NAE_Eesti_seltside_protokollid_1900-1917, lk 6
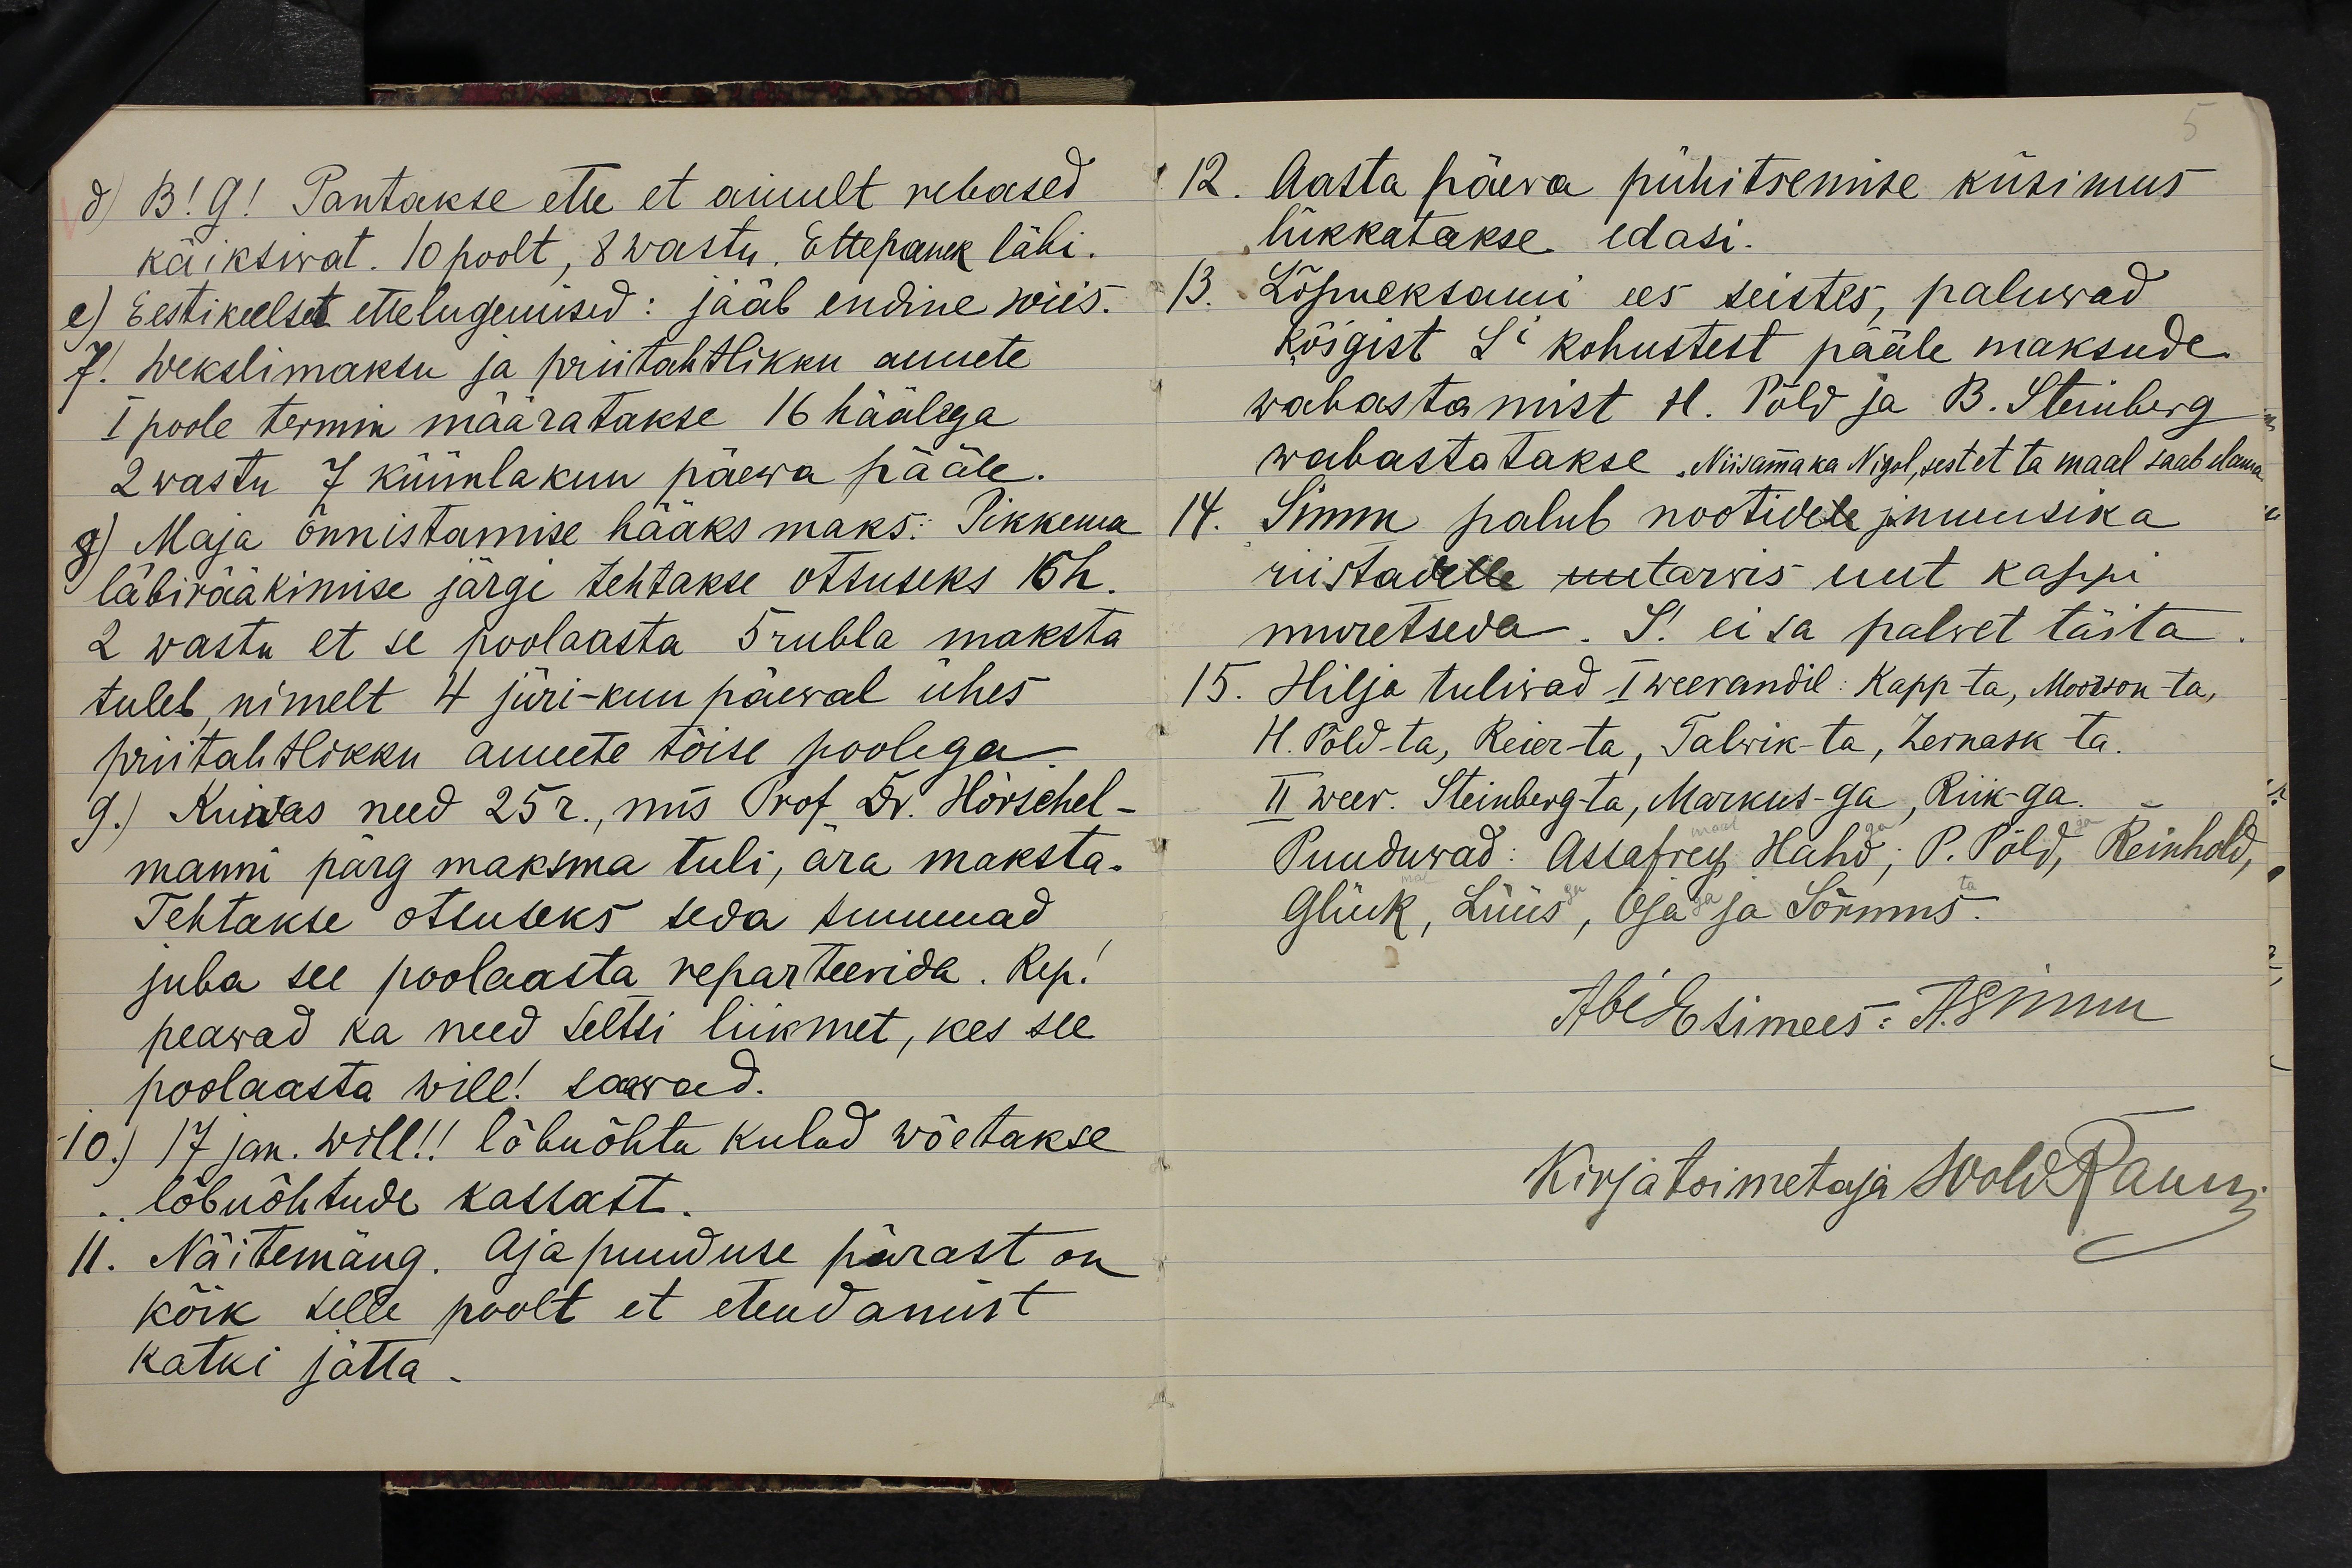
3) B! G! Pantakse ette et ainult rebased
käiksiwat. 10 poolt, 8 wastu. Ettepanek läbi.
e) Eestikeelset ettelugemised: saab endine wiis.
f. wekslimaksu ja priittahtlikku annete
I poole termin määratakse 16 häälega
2 wastu 7 küünlakuu päewa pääle.
8) Maja õnnistamise hääks maks: Pikkema
läbirääkimise järgi tehtakse otsuseks 15h.
2 vastu et se poolaasta 5 rubla maksta
tuleb nimelt 4 jüri-kuu päeval ühes
priitahtlikku annete tõise poolega
9.) Kuidas need 25r. mis Prof Dr. Hörschel-
manni pärg maksma tuli, ära maksta.
Tehtakse otsuseks seda summad
juba see poolaasta reparteerida. Rep.
peawad ka need seltsi liikmet, kes see
poolaasta will! saawad.
10) 17 jan. will!! lõbuõhtu kulud wõetakse
lõbuõhtude kassast.
11. Näitemang. Ajapuuduse pärast on
kõik selle poolt et etendamist
katki jätta.

Aasta päeva pühitsemise küsimus
lükkatakse edasi.
13. Lõpueksami ees seistes, paluwad
kõigist Si kohustest pääle maksude
wabastamist H. Põld ja B. Steinberg
wabastatakse Niisama ka Nigol, sest et ta maal saab elama
Simm palub nootidele ja muusika
riistadelle uutarvis uut kappi
muretseda. S. ei sa palvet täita.
15. Hilja tulivad 1 weerandil: Kapp -ta, Moorson -ta,
H. Põld -ta, Reier -ta, Talwik -ta, Zernask -ta.
II weer. Steinberg -ta, Markus -ga, Riik -ga

**What to work on**: Copy, word for word, the line that contains "11. Näitemang. Ajapuuduse pärast on" and every line after it through the end of the records, and nothing else.

**Answer space**:
11. Näitemang. Ajapuuduse pärast on
kõik selle poolt et etendamist
katki jätta.

Aasta päeva pühitsemise küsimus
lükkatakse edasi.
13. Lõpueksami ees seistes, paluwad
kõigist Si kohustest pääle maksude
wabastamist H. Põld ja B. Steinberg
wabastatakse Niisama ka Nigol, sest et ta maal saab elama
Simm palub nootidele ja muusika
riistadelle uutarvis uut kappi
muretseda. S. ei sa palvet täita.
15. Hilja tulivad 1 weerandil: Kapp -ta, Moorson -ta,
H. Põld -ta, Reier -ta, Talwik -ta, Zernask -ta.
II weer. Steinberg -ta, Markus -ga, Riik -ga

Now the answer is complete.